En septiembre de 2025, durante una entrevista con Azucena Uresti en Radio Fórmula, Ruffo insistió en que era accionista, pero no socio mayoritario de Ingemar.

"Yo soy accionista de Ingemar, no mayoritario, pero tenemos ahí en la oficina toda la documentación de todos los pedimentos de importación y esto que sucedió con un tren que entró de contrabando combustible allá Coahuila nosotros hicimos la importación de algunos de los volúmenes muy probablemente contenidos en ese tren y de ahí yo creo vieron mi nombre exgobernador del PAN y lo estallaron mediáticamente", afirmó Ruffo Appel.

La FGR informó que detuvo a Ernesto Ruffo Appel, primer Gobernador del PAN en Baja California, por su presunta responsabilidad el delito de huachicol fiscal.

El exgobernador Ernesto Ruffo fue detenido este jueves en Ensenada, Baja California. Foto: Chris Noyola Martínez, Cuartoscuro

En esa conversación explicó que Ingemar no compra ni vende combustible, sino que únicamente realiza los trámites aduanales de importación. "El comercializador es el que tiene los tratos con la refinería... nos entrega el documento que respalda el combustible", explicó.

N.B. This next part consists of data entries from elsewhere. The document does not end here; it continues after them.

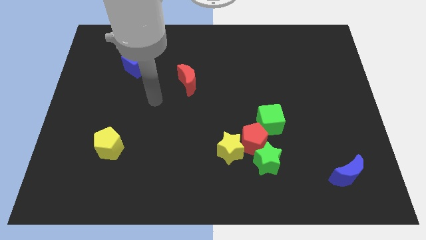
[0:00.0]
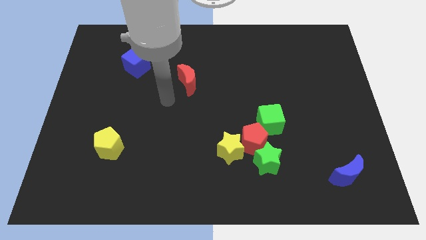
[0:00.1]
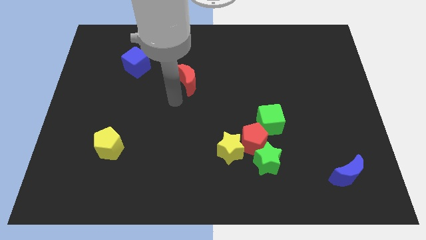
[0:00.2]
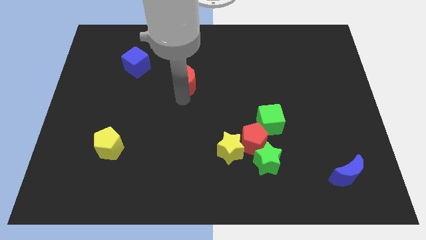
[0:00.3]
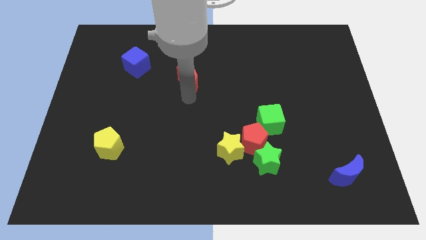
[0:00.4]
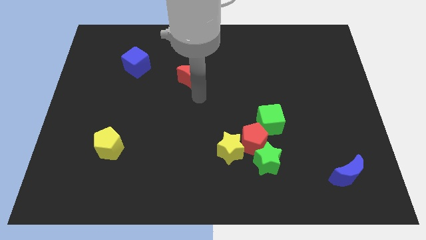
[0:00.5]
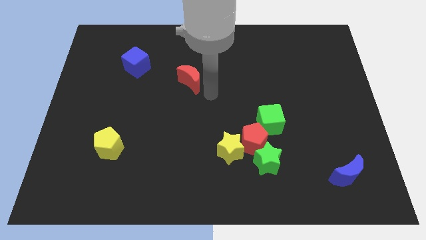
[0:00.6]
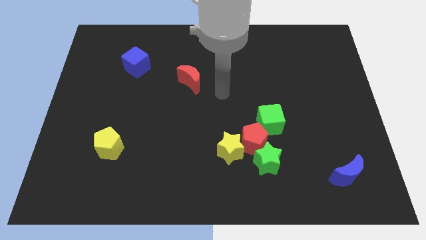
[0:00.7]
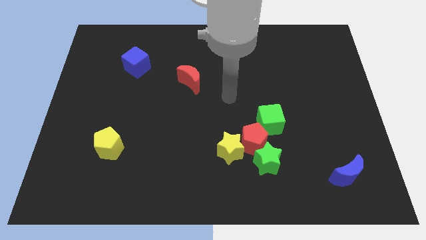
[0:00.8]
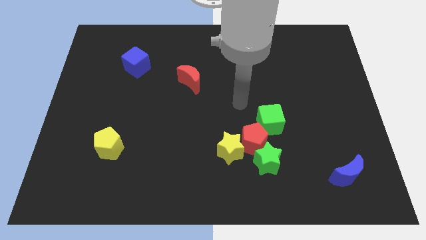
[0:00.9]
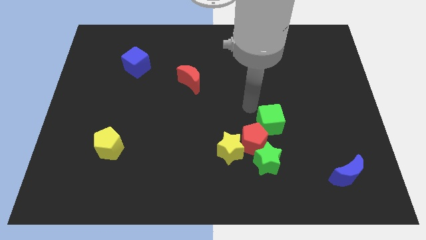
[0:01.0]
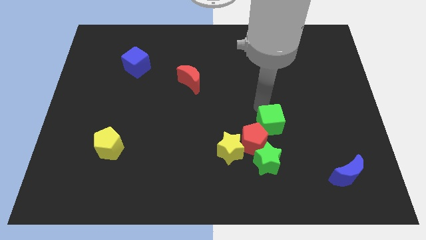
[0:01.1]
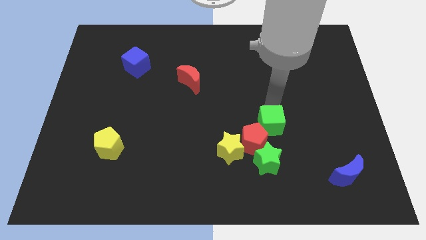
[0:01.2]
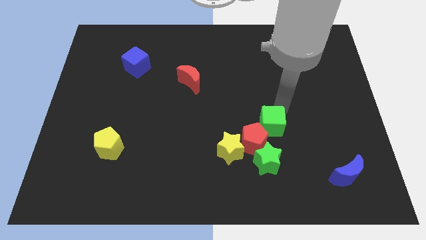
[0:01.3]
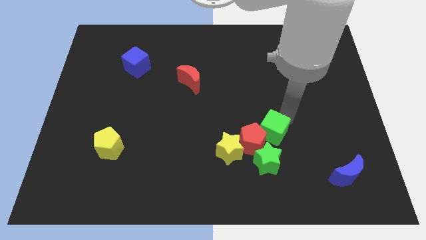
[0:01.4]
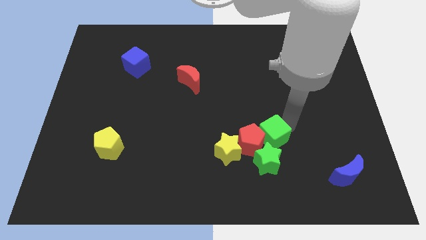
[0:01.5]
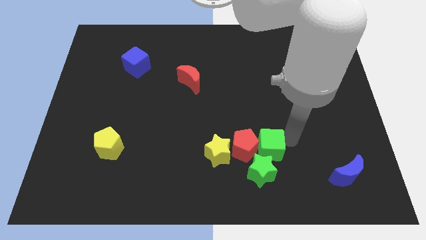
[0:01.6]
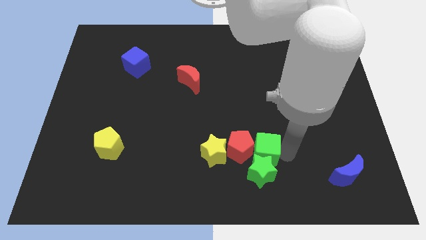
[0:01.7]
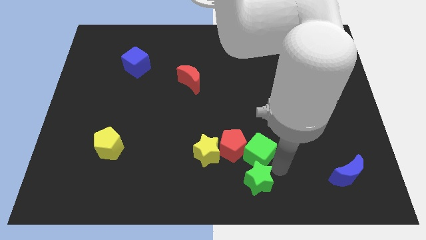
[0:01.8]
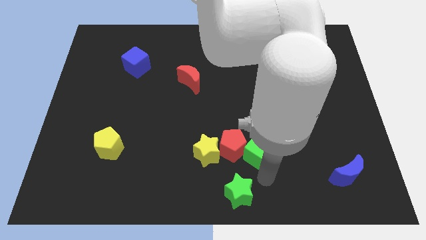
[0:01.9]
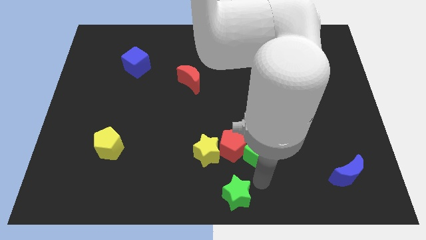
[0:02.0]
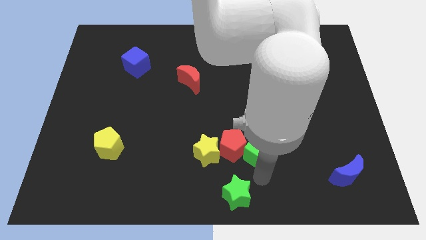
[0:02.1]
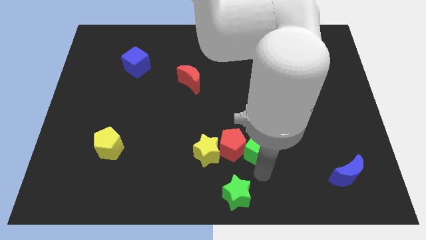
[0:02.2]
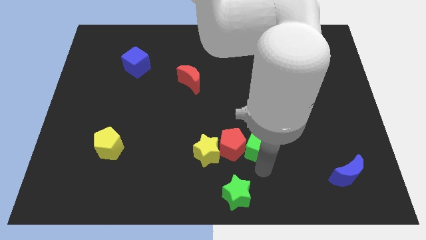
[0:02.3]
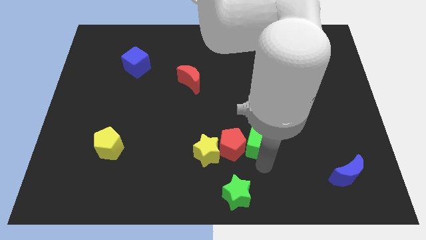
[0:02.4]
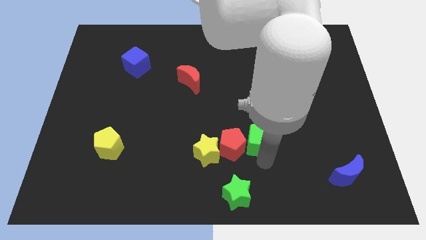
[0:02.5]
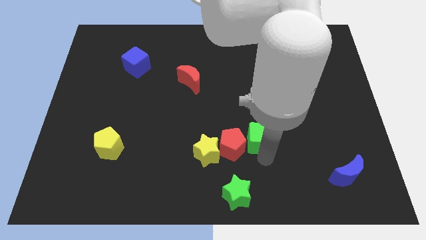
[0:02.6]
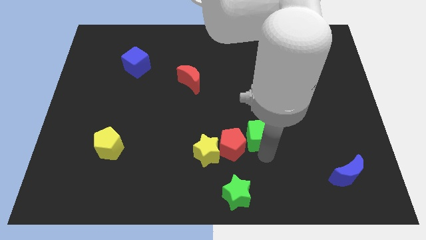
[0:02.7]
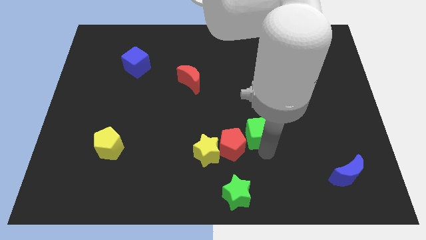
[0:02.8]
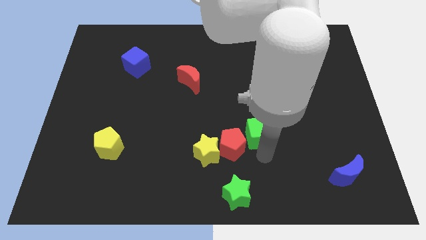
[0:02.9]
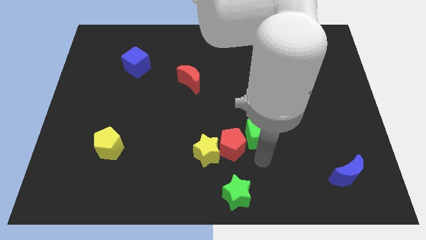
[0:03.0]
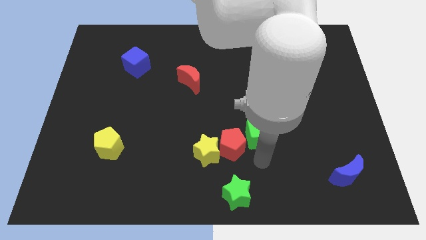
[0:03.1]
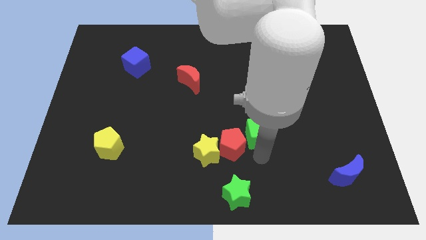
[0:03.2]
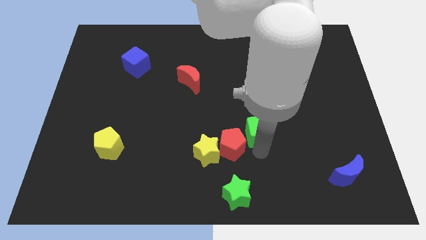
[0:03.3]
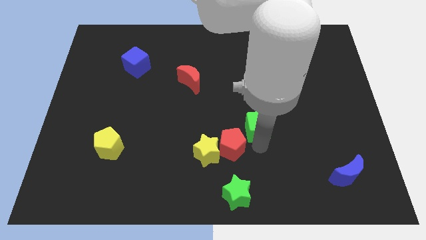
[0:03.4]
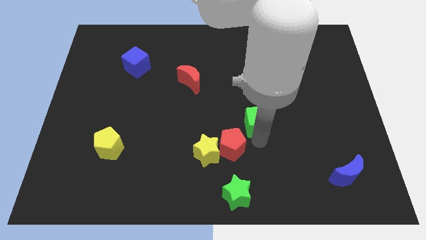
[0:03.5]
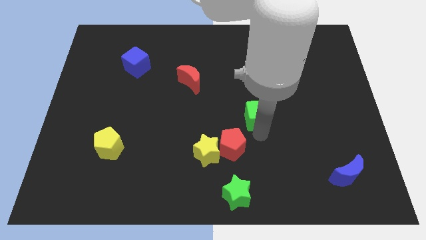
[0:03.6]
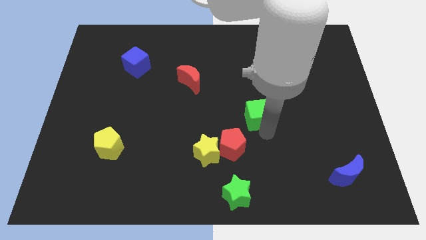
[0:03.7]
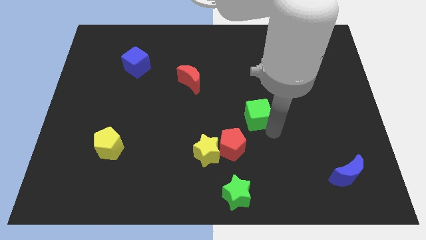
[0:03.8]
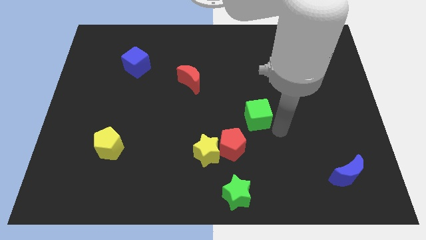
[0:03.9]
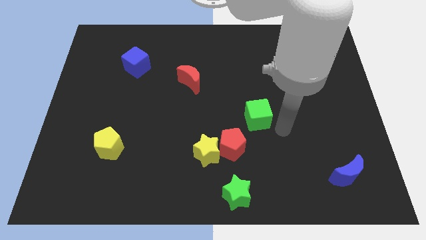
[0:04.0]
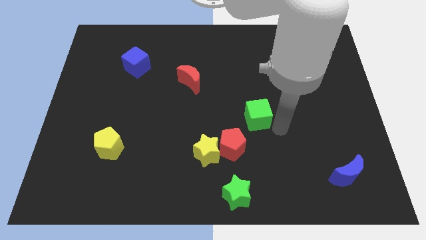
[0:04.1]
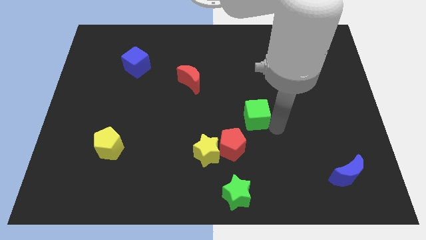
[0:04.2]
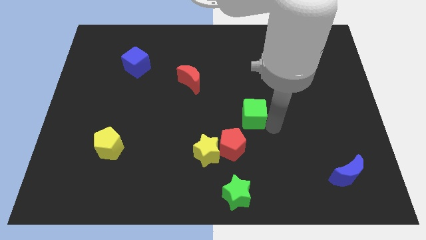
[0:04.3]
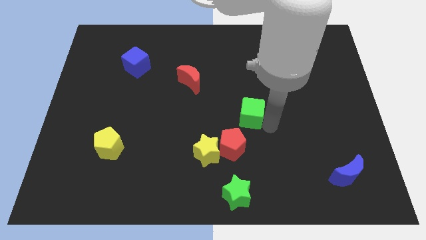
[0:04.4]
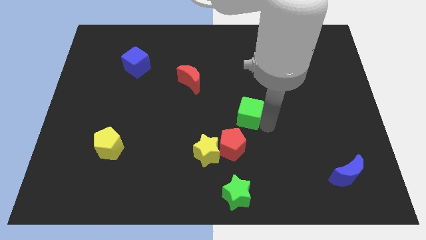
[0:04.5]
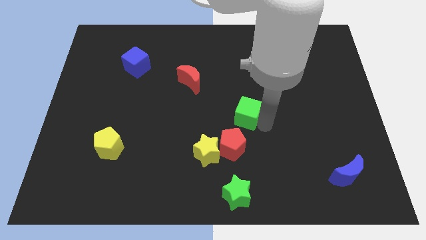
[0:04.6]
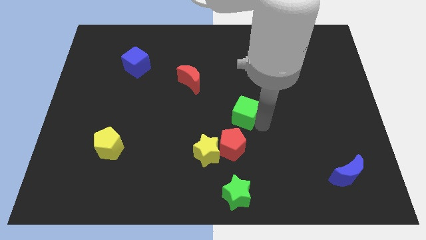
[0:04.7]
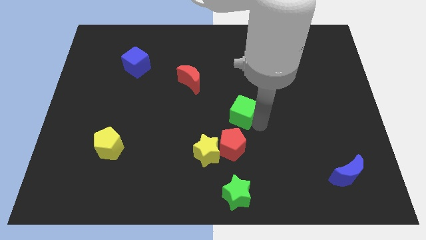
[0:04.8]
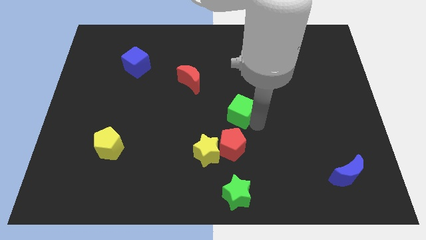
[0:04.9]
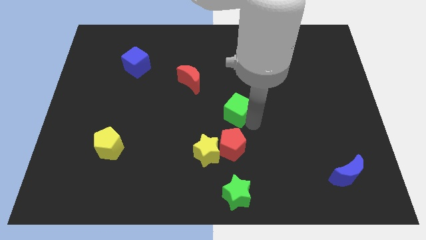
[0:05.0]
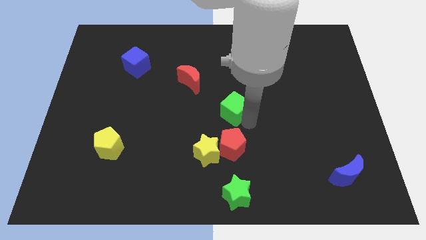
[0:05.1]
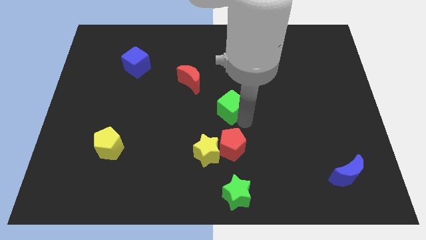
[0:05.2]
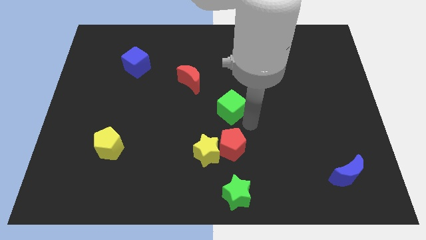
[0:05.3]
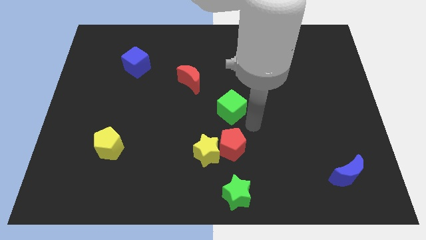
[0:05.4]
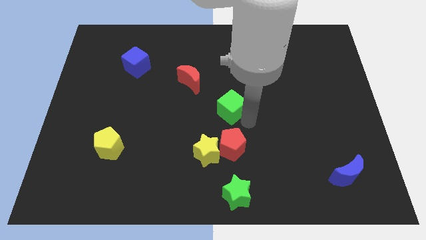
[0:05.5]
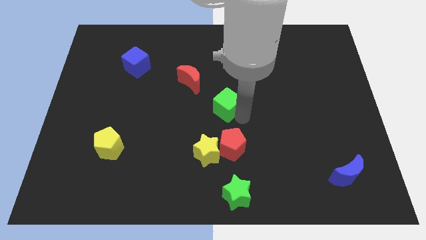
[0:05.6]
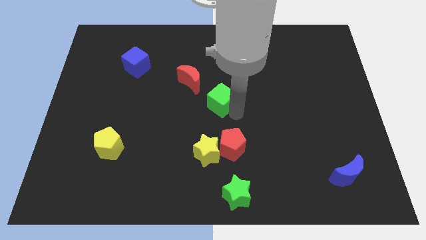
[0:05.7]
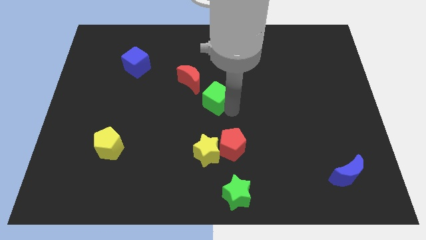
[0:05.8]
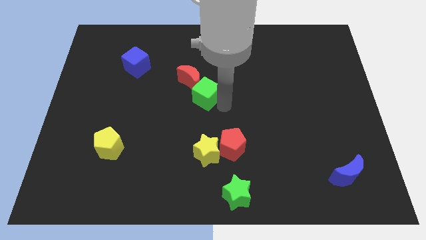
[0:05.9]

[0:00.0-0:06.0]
push the green cube next to the red moon

Añadió que la función de la empresa consiste en elaborar los pedimentos de importación y presentarlos ante la aduana. "Hacemos un pedimento y esperamos que llegue el transporte... empatamos el documento de embarque con el pedimento de importación de Ingemar y se lo presentamos a la aduana."

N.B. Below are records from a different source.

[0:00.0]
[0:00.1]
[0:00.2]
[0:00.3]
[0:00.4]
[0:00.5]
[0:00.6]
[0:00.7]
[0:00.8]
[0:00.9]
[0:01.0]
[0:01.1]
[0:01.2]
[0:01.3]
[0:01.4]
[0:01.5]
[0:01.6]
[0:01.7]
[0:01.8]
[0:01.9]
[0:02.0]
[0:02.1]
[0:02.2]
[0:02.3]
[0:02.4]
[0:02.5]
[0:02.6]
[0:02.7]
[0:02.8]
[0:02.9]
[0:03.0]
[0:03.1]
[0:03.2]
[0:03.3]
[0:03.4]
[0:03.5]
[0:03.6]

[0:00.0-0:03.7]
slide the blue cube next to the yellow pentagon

Al ser cuestionado sobre la posibilidad de un fraude mediante el uso repetido de un mismo pedimento, Ruffo respondió que esa supervisión corresponde exclusivamente a las autoridades aduaneras. "Eso es el trabajo de la aduana", dijo, aunque reconoció que podrían existir irregularidades si un mismo documento fuera utilizado para ingresar un volumen mayor de combustible al autorizado.

La Fiscalía General de la República sostiene una versión distinta. De acuerdo con la institución, la investigación de alta complejidad sobre una presunta red de contrabando de hidrocarburos permitió reunir los elementos para solicitar y obtener una orden de aprehensión contra Ernesto Ruffo Appel por su probable responsabilidad en los delitos de delincuencia organizada y contrabando.

Con ello, la trayectoria del hombre que simbolizó la primera gran alternancia política en México quedó ligada a una de las investigaciones por presunto huachicol fiscal más importantes de los últimos años, una pesquisa que comenzó con un decomiso histórico y terminó, doce meses después, con la captura del primer Gobernador panista del país.